Required work
Check each line below for the word "loose" and give the number of lines that have it, nothing more.

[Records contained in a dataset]
==================================================

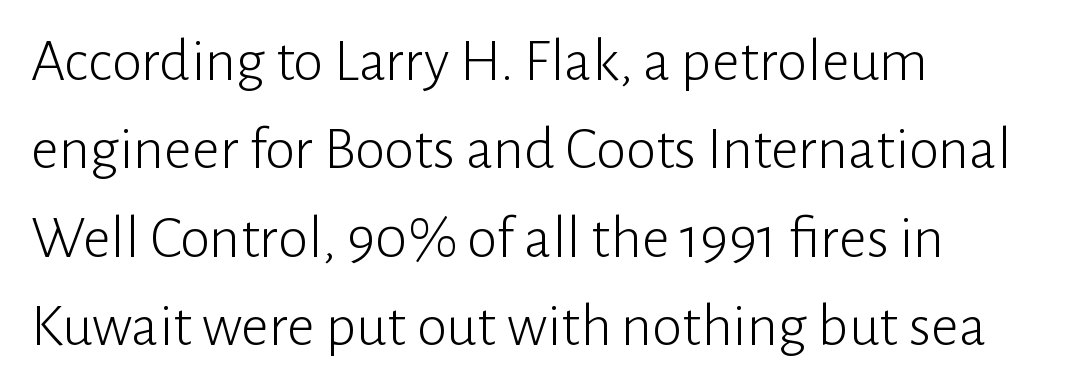
The font sits on the lighter half of the weight spectrum, regular included. One-word summary of the alignment: left. The letters advance in unequal steps, a hallmark of proportional type. Is the letter spacing exaggerated? No — it looks like the ordinary default.
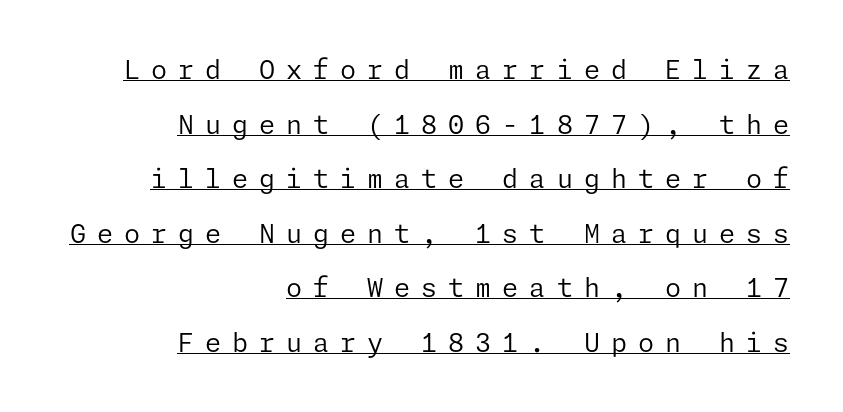
{"italic": "no", "bold": "no", "underline": "yes", "align": "right", "line_spacing": "loose", "line_spacing_ratio": 2.1, "letter_spacing": "wide", "letter_spacing_em": 0.42, "glyph_px": 26}
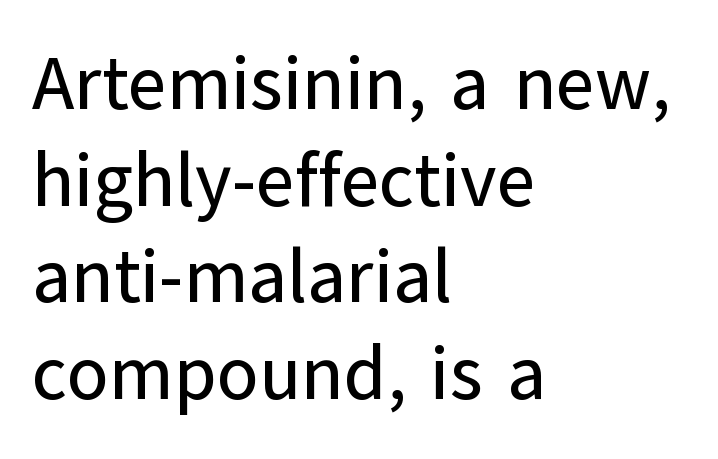
The text was rendered using a sans face with plain stroke endings. Horizontal alignment here is leftward, the default for most running prose. The vertical gap from one line to the next is medium. This rendering features lettering with no underline. The rendering uses natural spacing where letterforms have individual widths. This is the regular roman posture of the typeface.
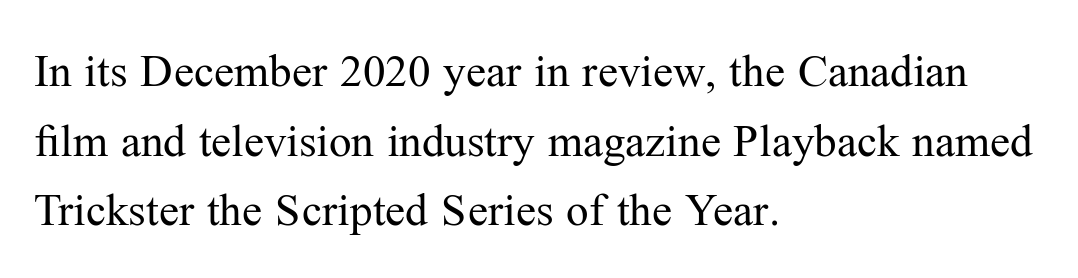
The image shows 45 px regular-weight serif type, upright; set left-aligned, normal line spacing (1.55x), normal letter spacing, not underlined; medium stroke contrast and a medium x-height.
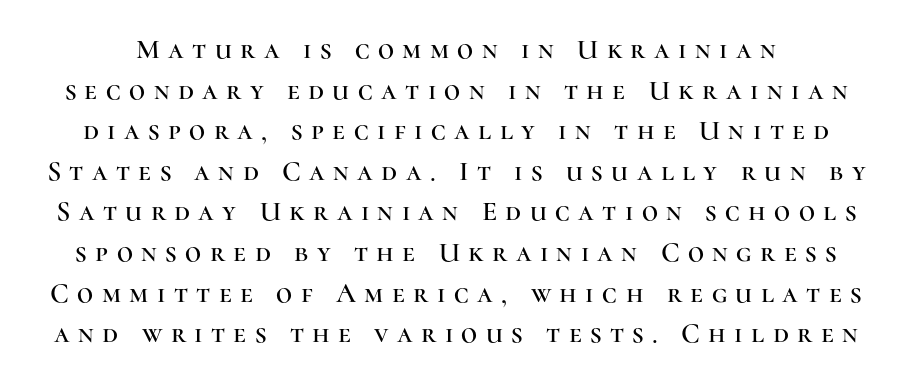
{"serif": "yes", "italic": "no", "width": "normal", "stroke_contrast": "high", "x_height": "medium", "monospaced": "no", "underline": "no", "line_spacing": "normal", "line_spacing_ratio": 1.45, "letter_spacing": "wide", "letter_spacing_em": 0.3, "glyph_px": 28}
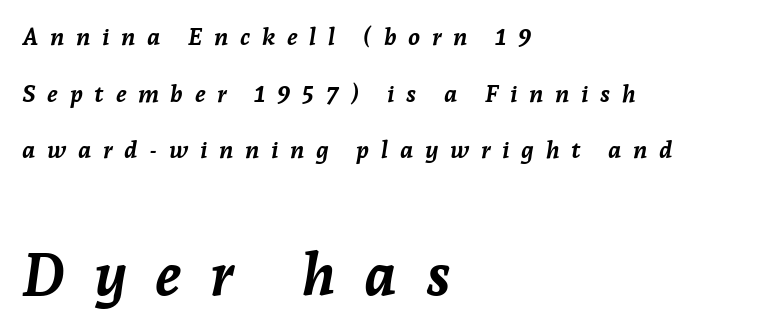
{"italic": "yes", "lean": "right", "slant_degrees": 7, "bold": "yes", "weight": "semibold", "width": "normal", "stroke_contrast": "low", "x_height": "medium", "monospaced": "no", "underline": "no", "align": "left", "line_spacing": "loose", "line_spacing_ratio": 2.36, "letter_spacing": "wide", "letter_spacing_em": 0.48, "larger_block": "second", "size_ratio": 2.46, "glyph_px": 59}
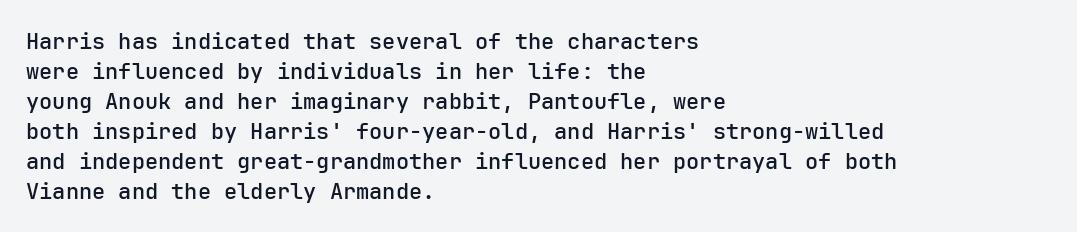
The image shows 22 px text type, upright; set left-aligned, normal line spacing (1.36x), normal letter spacing, not underlined.
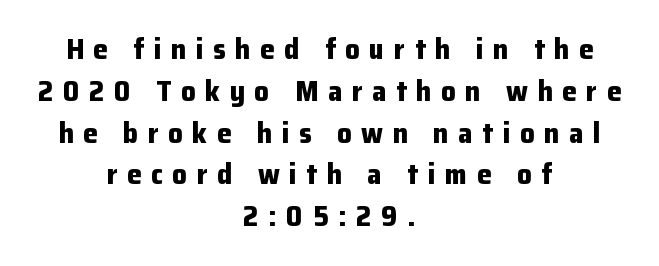
Classification — sans serif. I'd describe the lettering as bold — thick and assertive. Decoration check: the copy has no underline. Think of a printed novel: that variable character pitch is what you see here. Is there any slant? The stems are plumb.
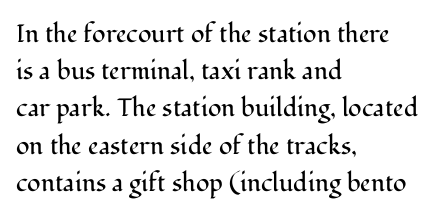
{"italic": "no", "bold": "no", "underline": "no", "align": "left", "line_spacing": "normal", "line_spacing_ratio": 1.49, "letter_spacing": "normal", "letter_spacing_em": 0.0, "glyph_px": 25}

==================================================

Exercise output
2